Decimal to binary algorithm in C

Question

I am trying to use the following algorithm to convert a decimal number to a binary number in C. I don't understand why it doesn't work properly for some inputs (eg for 1993 I get 1420076519).

int aux=x;
long bin=0;
while (aux>0)
{
    bin=bin*10+aux%2;
    aux=aux/2;
}
printf("%d in decimal is %ld in binary.", x, bin);

Answer 1

When you print a long you dont print the binary. The best way to convert to binary or show the binary representation of a decimal number is by storing it in a string.
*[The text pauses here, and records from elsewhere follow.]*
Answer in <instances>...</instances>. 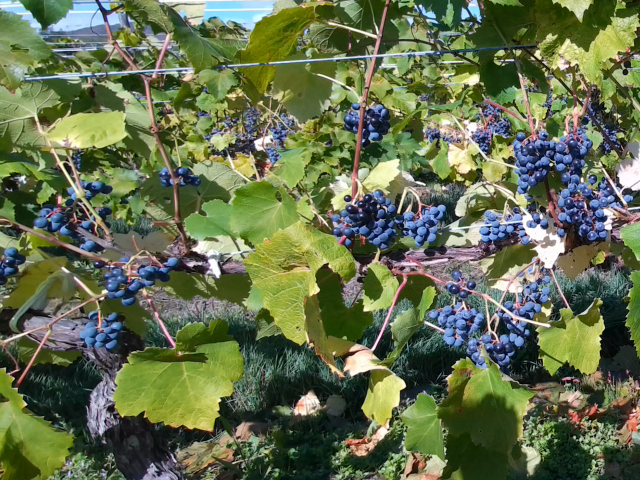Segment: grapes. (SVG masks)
<instances>
[{
  "label": "grapes",
  "instance_id": "5",
  "mask_svg": "<svg viewBox=\"0 0 640 480\" xmlns=\"http://www.w3.org/2000/svg\"><path fill=\"white\" fill-rule=\"evenodd\" d=\"M462 300L458 299L453 306L446 305L442 309L437 310L431 308L428 310V317L437 319L439 326L445 325L443 329V341L453 348H459L466 341V335L477 332L480 325L485 320V314L479 312L477 308H462Z\"/></svg>",
  "mask_w": 640,
  "mask_h": 480
},
{
  "label": "grapes",
  "instance_id": "17",
  "mask_svg": "<svg viewBox=\"0 0 640 480\" xmlns=\"http://www.w3.org/2000/svg\"><path fill=\"white\" fill-rule=\"evenodd\" d=\"M66 193L69 195V197H68V199H65L63 201V204L65 206H72L74 204L75 200H76V194L74 193V191L70 187H68L66 189Z\"/></svg>",
  "mask_w": 640,
  "mask_h": 480
},
{
  "label": "grapes",
  "instance_id": "3",
  "mask_svg": "<svg viewBox=\"0 0 640 480\" xmlns=\"http://www.w3.org/2000/svg\"><path fill=\"white\" fill-rule=\"evenodd\" d=\"M180 265L181 261L177 257L170 256L166 259V265L163 267L140 266L135 270V273L139 275L141 279H131L127 289H124L120 288V284H126L128 277L123 273L121 266L100 260L93 262V267L96 270L110 269L109 272L102 274V278L107 280L105 283L107 297L109 299H121V304L125 307H131L136 303L135 296L143 287L154 286L157 283V279L160 282H168L171 279V274L169 273L171 269L177 268Z\"/></svg>",
  "mask_w": 640,
  "mask_h": 480
},
{
  "label": "grapes",
  "instance_id": "1",
  "mask_svg": "<svg viewBox=\"0 0 640 480\" xmlns=\"http://www.w3.org/2000/svg\"><path fill=\"white\" fill-rule=\"evenodd\" d=\"M525 139L526 134L523 131H518L514 137V173L519 175L517 191L525 194L530 187L542 184L543 177L549 174L548 167L553 159L554 170L561 174L560 181L568 183L557 199L559 220L577 224L579 236L589 241L606 239L608 231L605 229V223L608 216L601 208L621 210L623 202L617 197L607 177L600 179L597 193H594L587 183L580 182L582 169L585 167L584 157L588 155V149L593 147V142L586 134L576 138L572 132L561 136L558 143L549 140L546 131H538L536 139L530 138L523 145ZM577 191L590 200V212L583 209L585 201L582 198L572 197V193Z\"/></svg>",
  "mask_w": 640,
  "mask_h": 480
},
{
  "label": "grapes",
  "instance_id": "13",
  "mask_svg": "<svg viewBox=\"0 0 640 480\" xmlns=\"http://www.w3.org/2000/svg\"><path fill=\"white\" fill-rule=\"evenodd\" d=\"M79 185L84 191V198L86 200H91L98 193L108 195L113 191V187L109 184H105L103 181L81 180Z\"/></svg>",
  "mask_w": 640,
  "mask_h": 480
},
{
  "label": "grapes",
  "instance_id": "2",
  "mask_svg": "<svg viewBox=\"0 0 640 480\" xmlns=\"http://www.w3.org/2000/svg\"><path fill=\"white\" fill-rule=\"evenodd\" d=\"M354 205L347 204L339 214H332L330 220L338 222L341 218L344 222L332 229V234L337 238L345 236L343 245L352 247V238L359 234L366 237L369 245L377 246L380 250H386L389 243H394L396 228L403 236H410L417 247H423L426 242L434 243L438 231V221L444 219L447 208L444 204L437 207L424 206L420 209V218L414 219L413 211H405L393 216L397 207L392 204L390 198L385 197L381 189H375L371 193L366 192L363 200H357Z\"/></svg>",
  "mask_w": 640,
  "mask_h": 480
},
{
  "label": "grapes",
  "instance_id": "18",
  "mask_svg": "<svg viewBox=\"0 0 640 480\" xmlns=\"http://www.w3.org/2000/svg\"><path fill=\"white\" fill-rule=\"evenodd\" d=\"M89 218L90 220H80L78 222V225H81L86 230H93L95 228V225L92 222L94 221V219L91 217V215H89Z\"/></svg>",
  "mask_w": 640,
  "mask_h": 480
},
{
  "label": "grapes",
  "instance_id": "14",
  "mask_svg": "<svg viewBox=\"0 0 640 480\" xmlns=\"http://www.w3.org/2000/svg\"><path fill=\"white\" fill-rule=\"evenodd\" d=\"M176 178L180 177L178 186L184 188L189 185L191 187H198L201 184V177L184 166H180L175 170Z\"/></svg>",
  "mask_w": 640,
  "mask_h": 480
},
{
  "label": "grapes",
  "instance_id": "16",
  "mask_svg": "<svg viewBox=\"0 0 640 480\" xmlns=\"http://www.w3.org/2000/svg\"><path fill=\"white\" fill-rule=\"evenodd\" d=\"M446 289H447V290L449 291V293H450V294H452V295H457V294H458V296H459L460 298H467V297L469 296V293L463 292V291L460 289V286H459V285H455L454 283H447V284H446Z\"/></svg>",
  "mask_w": 640,
  "mask_h": 480
},
{
  "label": "grapes",
  "instance_id": "9",
  "mask_svg": "<svg viewBox=\"0 0 640 480\" xmlns=\"http://www.w3.org/2000/svg\"><path fill=\"white\" fill-rule=\"evenodd\" d=\"M521 208L519 206H514L512 208V215L504 214L502 212L495 213L491 210H487L485 212V216L487 217L484 222H490L491 227H482L479 229V233L483 235L481 237V241L485 243L486 241H495L497 239H506L508 234H511L515 229L519 230L520 240L522 245H528L531 242V238L527 235V232L524 230V225H516V226H502L501 221L504 217L505 221H514V220H523V214L520 212Z\"/></svg>",
  "mask_w": 640,
  "mask_h": 480
},
{
  "label": "grapes",
  "instance_id": "8",
  "mask_svg": "<svg viewBox=\"0 0 640 480\" xmlns=\"http://www.w3.org/2000/svg\"><path fill=\"white\" fill-rule=\"evenodd\" d=\"M550 283L551 278L549 275H544L542 279H537L536 282H529L524 286V290L521 291V295L518 300V303L522 304L526 297L527 303H525L524 306H520L516 309L512 300H505L503 302V307L507 311L519 317L532 320L535 313L542 312V305H546L548 303V297L550 296V288L543 287L540 294L537 291L539 285Z\"/></svg>",
  "mask_w": 640,
  "mask_h": 480
},
{
  "label": "grapes",
  "instance_id": "12",
  "mask_svg": "<svg viewBox=\"0 0 640 480\" xmlns=\"http://www.w3.org/2000/svg\"><path fill=\"white\" fill-rule=\"evenodd\" d=\"M524 199L528 202H531L527 207L526 211L531 213V219L526 221V226L529 229H535L539 226L541 230H546L549 227V221L547 219H543V217L536 212L537 211V203L534 200V197L531 194H526Z\"/></svg>",
  "mask_w": 640,
  "mask_h": 480
},
{
  "label": "grapes",
  "instance_id": "4",
  "mask_svg": "<svg viewBox=\"0 0 640 480\" xmlns=\"http://www.w3.org/2000/svg\"><path fill=\"white\" fill-rule=\"evenodd\" d=\"M496 315L501 317L502 323L510 331L508 334H500L497 338V342L492 340V336L487 332H484L481 336V340L472 338L467 341V354L471 356V359L477 367L487 368L488 364L485 363L483 357H479L478 348L480 345L485 344V351L489 354V357L497 360V364L500 367H504L510 363V357L515 354V347L521 348L525 345V339L530 337V330L527 327V323L522 321H514L512 317L506 315L502 310L498 309Z\"/></svg>",
  "mask_w": 640,
  "mask_h": 480
},
{
  "label": "grapes",
  "instance_id": "7",
  "mask_svg": "<svg viewBox=\"0 0 640 480\" xmlns=\"http://www.w3.org/2000/svg\"><path fill=\"white\" fill-rule=\"evenodd\" d=\"M73 219L70 210L65 211L57 205L46 204L37 213V217L32 219V224L37 229H47L49 232H58L61 235L69 236L71 239H80L83 243L79 246L91 252L101 251L103 247L85 238L75 230V225L69 223Z\"/></svg>",
  "mask_w": 640,
  "mask_h": 480
},
{
  "label": "grapes",
  "instance_id": "11",
  "mask_svg": "<svg viewBox=\"0 0 640 480\" xmlns=\"http://www.w3.org/2000/svg\"><path fill=\"white\" fill-rule=\"evenodd\" d=\"M5 260H0V284L5 285L8 277L15 276L19 268L15 265H22L26 262L25 256L19 254L16 247H7L3 250Z\"/></svg>",
  "mask_w": 640,
  "mask_h": 480
},
{
  "label": "grapes",
  "instance_id": "6",
  "mask_svg": "<svg viewBox=\"0 0 640 480\" xmlns=\"http://www.w3.org/2000/svg\"><path fill=\"white\" fill-rule=\"evenodd\" d=\"M98 312L91 310L87 314L88 321L84 329L80 332V339L84 341L87 347H104L106 350H113L117 345L116 338L119 336V330L123 328L125 316L117 312L110 311L108 315L101 320L100 329L97 328Z\"/></svg>",
  "mask_w": 640,
  "mask_h": 480
},
{
  "label": "grapes",
  "instance_id": "15",
  "mask_svg": "<svg viewBox=\"0 0 640 480\" xmlns=\"http://www.w3.org/2000/svg\"><path fill=\"white\" fill-rule=\"evenodd\" d=\"M351 108L353 110H350L347 115H345L343 117V121L345 122V129L350 132L351 134H357L358 131V115L359 113L357 111L360 110L361 108V104L359 102H353L351 104Z\"/></svg>",
  "mask_w": 640,
  "mask_h": 480
},
{
  "label": "grapes",
  "instance_id": "10",
  "mask_svg": "<svg viewBox=\"0 0 640 480\" xmlns=\"http://www.w3.org/2000/svg\"><path fill=\"white\" fill-rule=\"evenodd\" d=\"M390 111L380 103L368 106L363 118L361 145L367 148L371 141H382L391 128Z\"/></svg>",
  "mask_w": 640,
  "mask_h": 480
}]
</instances>

Bellow is a solution offered in a another SO answer

void getBin(int num, char *str)
{
  *(str+5) = '\0';
  int mask = 0x10 << 1;
  while(mask >>= 1)
    *str++ = !!(mask & num) + '0';
}

Answer 2

If you know the algorithm there's no reason not to use itoa

http://www.cplusplus.com/reference/clibrary/cstdlib/itoa/

#include <stdio.h>
#include <stdlib.h>

int main ()
{
  int n;
  char output[100];

  printf("Enter a number: ");
  scanf("%d", &n);

  itoa(n, output, 2); //2 means base two, you can put any other number here

  printf("The number %d is %s in binary.", n, output);

  return 0;
}

Answer 3

How does the conversion works?

/* Example: 
   125(10) -----> ?(2)                     125  |_2
                                            -1-   62  |_2
                                                  -0-   31 |_2
                                                        -1-  15 |_2
                                                             -1-  7 |_2
                                                                 -1-  3 |_2
                                                                     -1-  1 */

So in this example the binary number for 125(10) is 1111101(2), and this is the process I describe in my function.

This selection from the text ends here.